Dataset excerpts =>
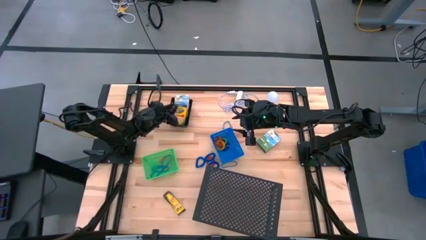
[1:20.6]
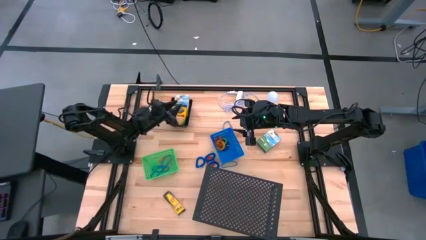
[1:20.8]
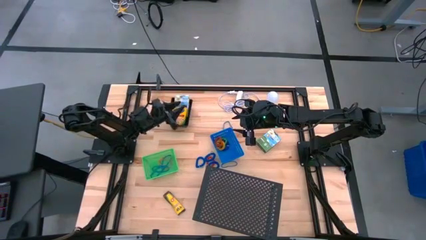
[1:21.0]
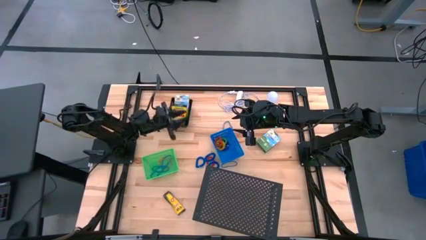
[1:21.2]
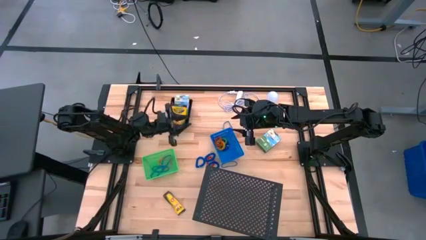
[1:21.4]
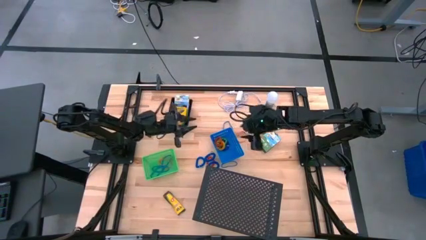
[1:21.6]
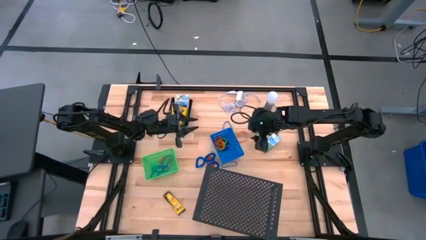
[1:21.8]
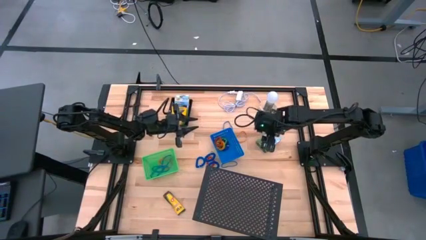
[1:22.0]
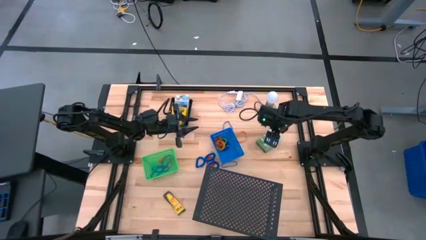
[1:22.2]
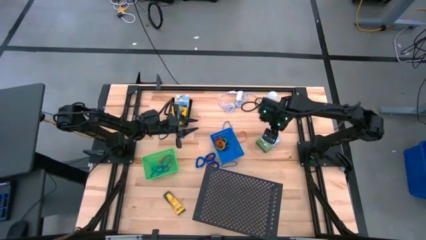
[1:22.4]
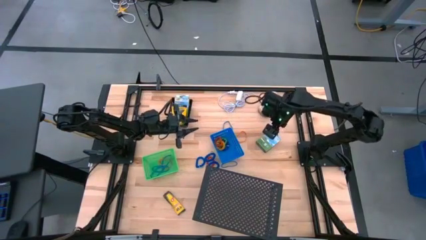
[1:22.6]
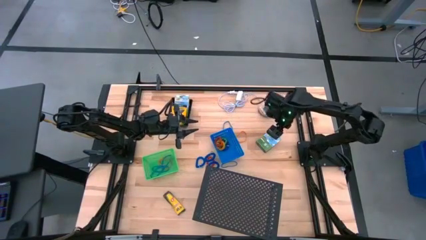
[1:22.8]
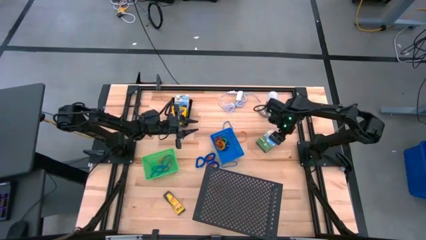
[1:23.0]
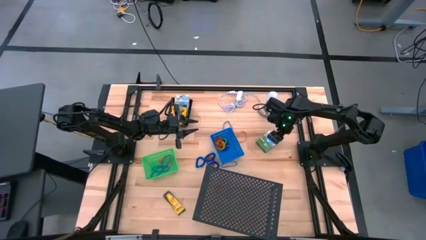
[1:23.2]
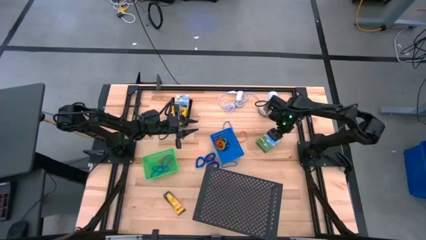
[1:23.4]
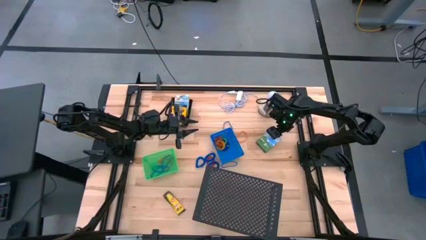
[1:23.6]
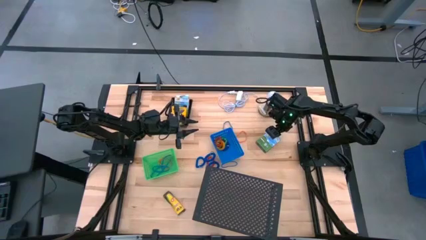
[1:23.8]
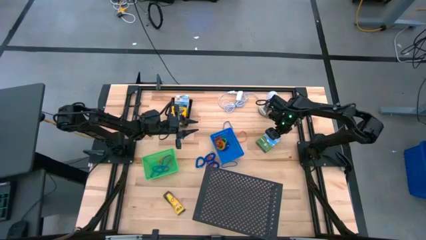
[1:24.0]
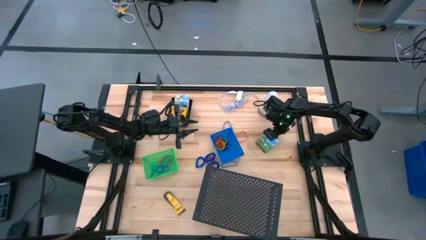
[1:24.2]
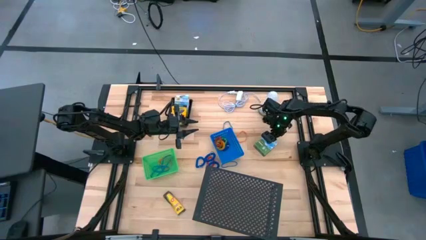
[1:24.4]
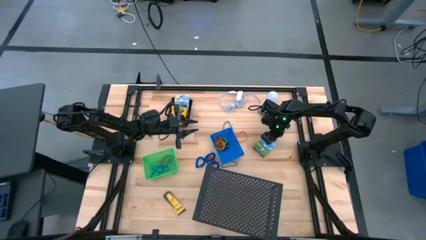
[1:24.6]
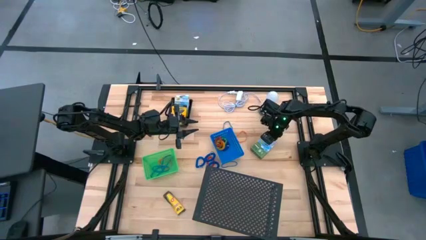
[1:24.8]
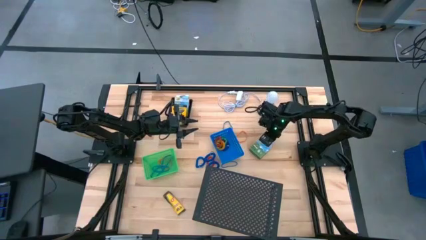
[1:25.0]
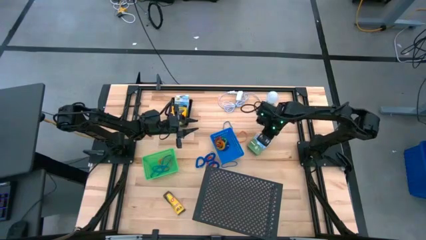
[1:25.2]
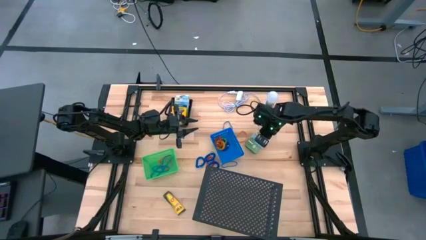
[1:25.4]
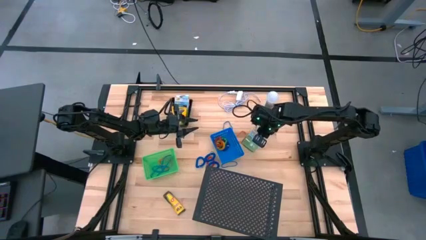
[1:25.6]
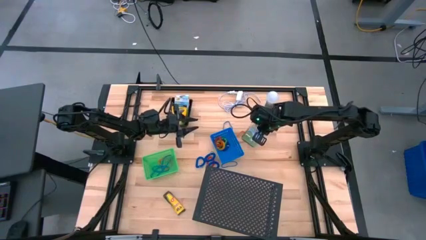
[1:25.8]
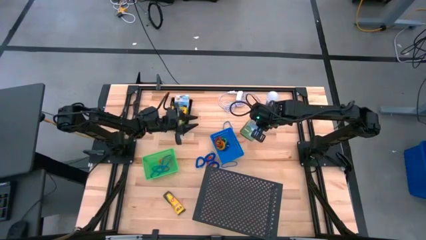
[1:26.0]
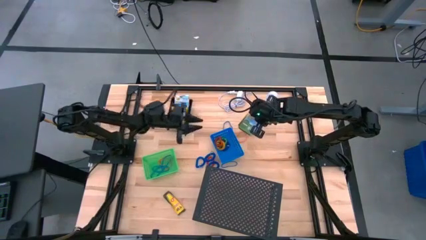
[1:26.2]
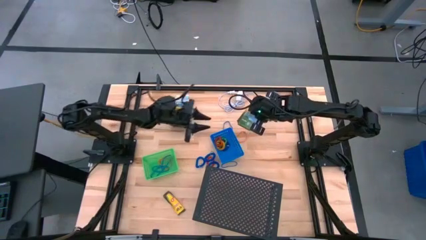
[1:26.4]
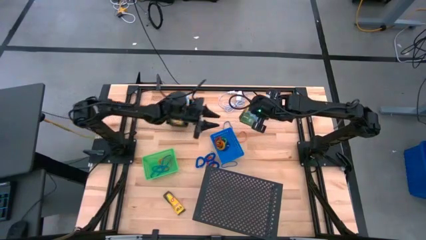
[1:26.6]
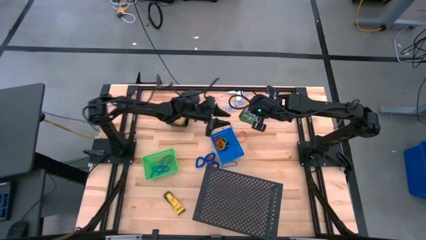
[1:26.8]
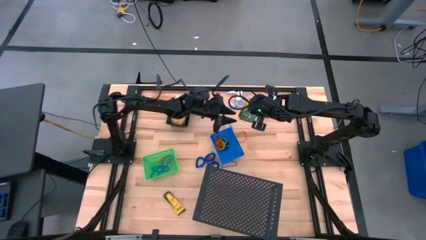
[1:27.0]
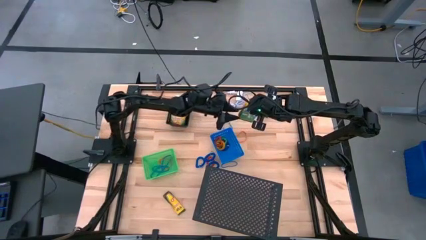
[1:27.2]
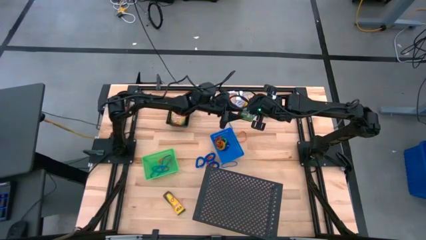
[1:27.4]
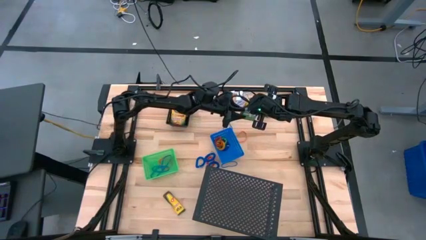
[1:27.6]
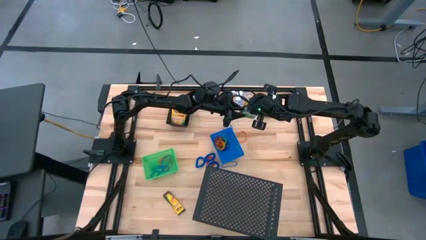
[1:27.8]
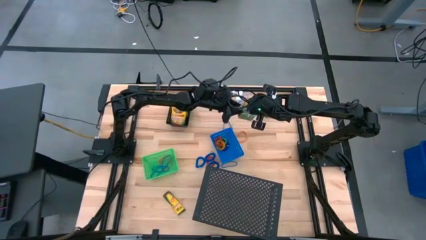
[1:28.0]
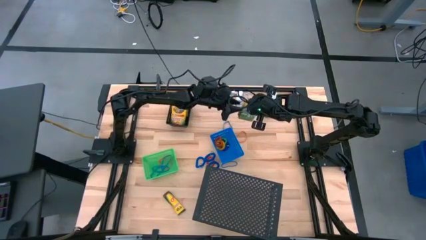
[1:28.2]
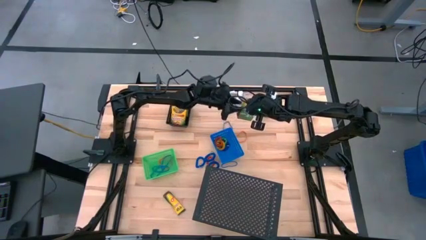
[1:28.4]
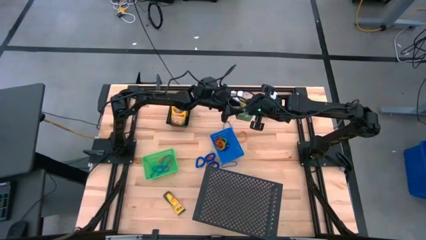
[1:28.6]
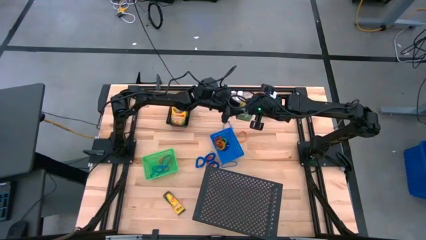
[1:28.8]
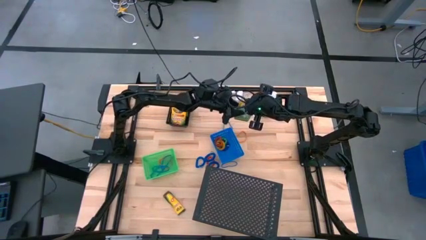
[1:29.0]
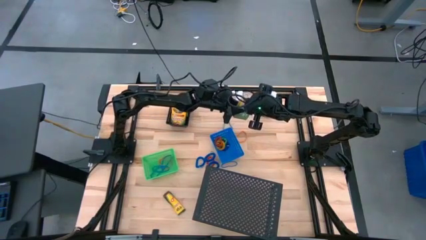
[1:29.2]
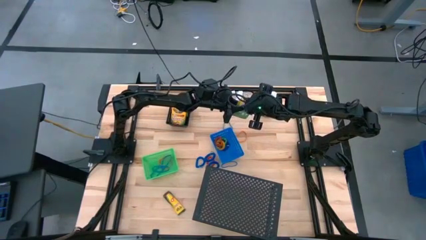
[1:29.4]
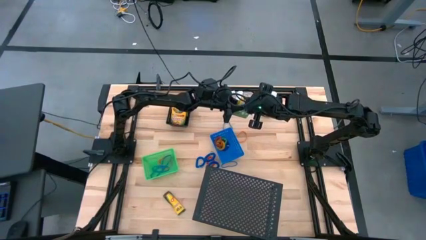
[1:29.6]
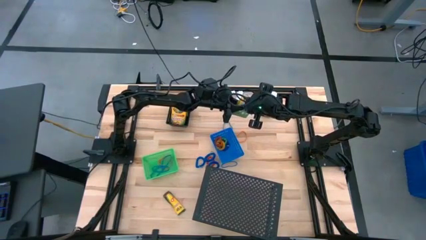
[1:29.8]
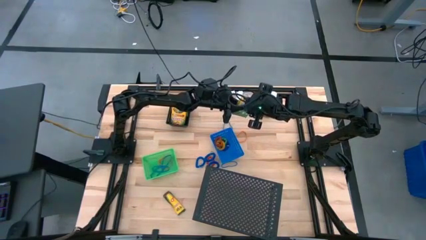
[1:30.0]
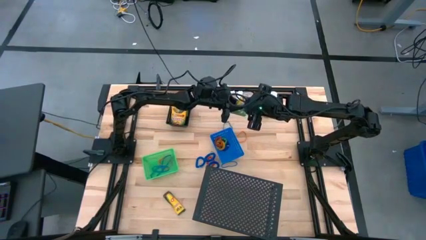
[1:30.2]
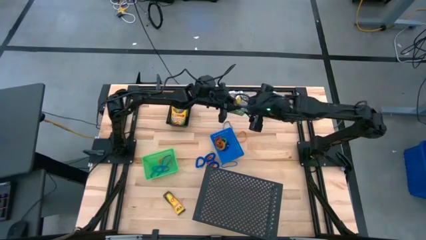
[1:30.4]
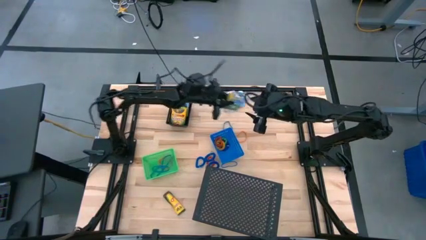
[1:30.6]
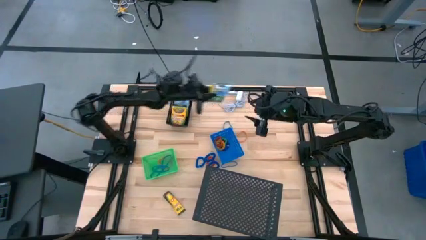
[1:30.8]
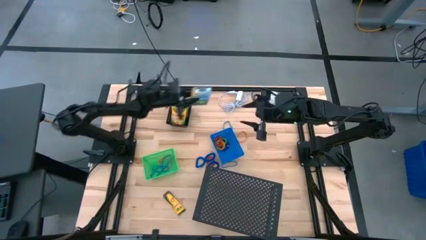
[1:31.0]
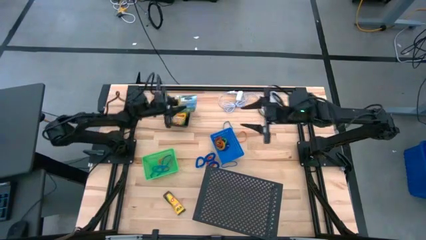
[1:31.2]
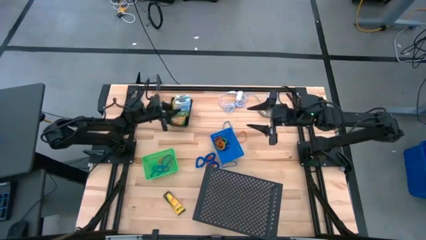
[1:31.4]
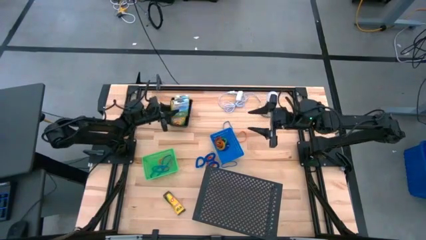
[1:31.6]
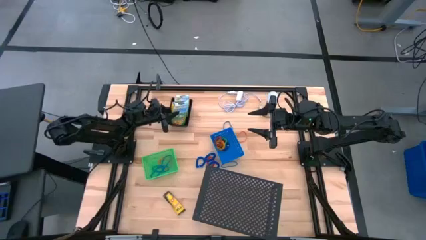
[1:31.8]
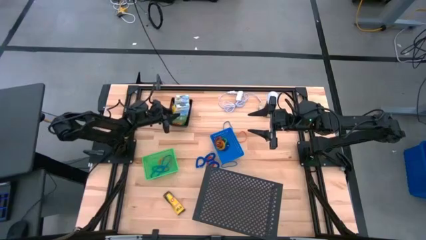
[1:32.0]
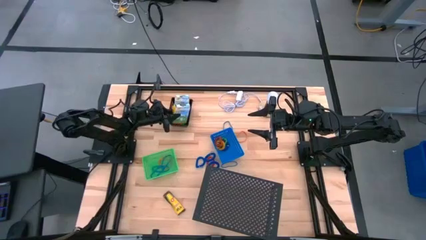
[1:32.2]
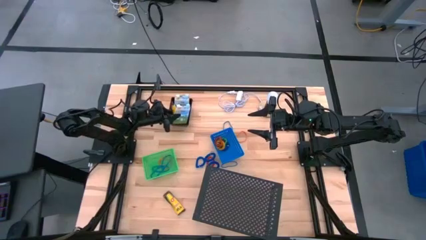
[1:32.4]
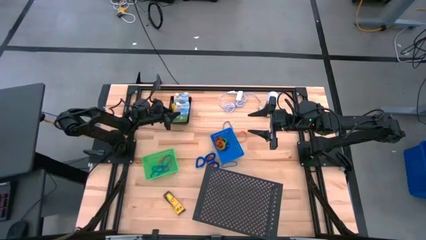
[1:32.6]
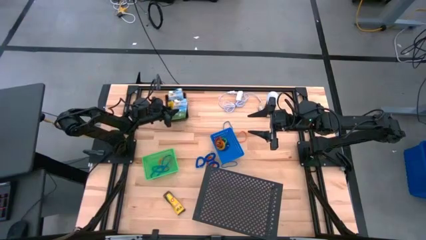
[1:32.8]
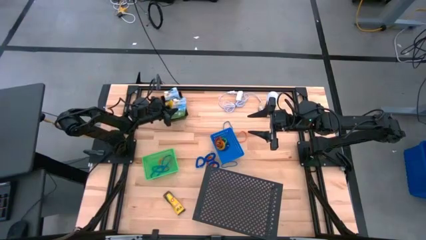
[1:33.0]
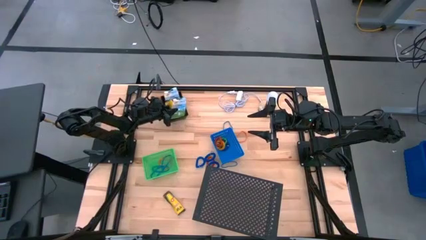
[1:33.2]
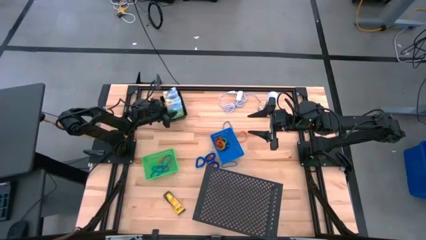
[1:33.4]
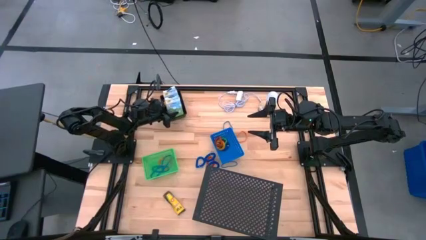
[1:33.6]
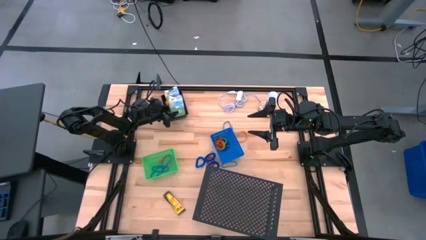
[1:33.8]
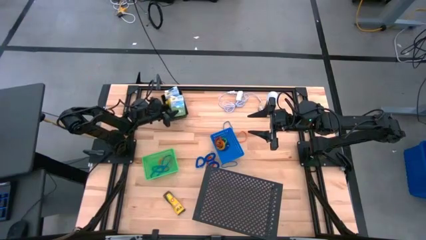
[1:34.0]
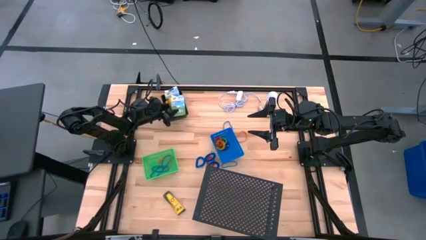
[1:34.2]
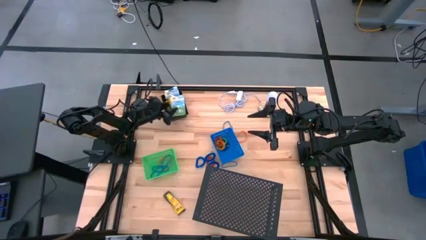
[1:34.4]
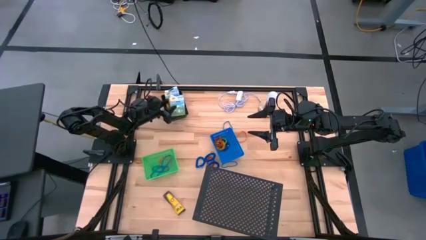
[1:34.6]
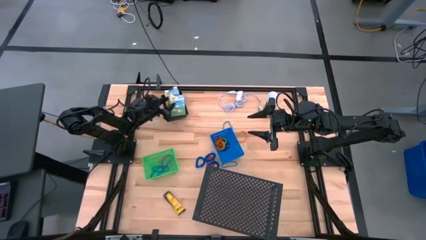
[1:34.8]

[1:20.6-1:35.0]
Task: Pick & Place Office Desk Supplies
Put the green crayon box into the black bin

Exercise requirements =>
Would you reproduce the listing above in full and exactly, without its pictures?

Output of the task =>
[1:20.6]
[1:20.8]
[1:21.0]
[1:21.2]
[1:21.4]
[1:21.6]
[1:21.8]
[1:22.0]
[1:22.2]
[1:22.4]
[1:22.6]
[1:22.8]
[1:23.0]
[1:23.2]
[1:23.4]
[1:23.6]
[1:23.8]
[1:24.0]
[1:24.2]
[1:24.4]
[1:24.6]
[1:24.8]
[1:25.0]
[1:25.2]
[1:25.4]
[1:25.6]
[1:25.8]
[1:26.0]
[1:26.2]
[1:26.4]
[1:26.6]
[1:26.8]
[1:27.0]
[1:27.2]
[1:27.4]
[1:27.6]
[1:27.8]
[1:28.0]
[1:28.2]
[1:28.4]
[1:28.6]
[1:28.8]
[1:29.0]
[1:29.2]
[1:29.4]
[1:29.6]
[1:29.8]
[1:30.0]
[1:30.2]
[1:30.4]
[1:30.6]
[1:30.8]
[1:31.0]
[1:31.2]
[1:31.4]
[1:31.6]
[1:31.8]
[1:32.0]
[1:32.2]
[1:32.4]
[1:32.6]
[1:32.8]
[1:33.0]
[1:33.2]
[1:33.4]
[1:33.6]
[1:33.8]
[1:34.0]
[1:34.2]
[1:34.4]
[1:34.6]
[1:34.8]

[1:20.6-1:35.0]
Task: Pick & Place Office Desk Supplies
Put the green crayon box into the black bin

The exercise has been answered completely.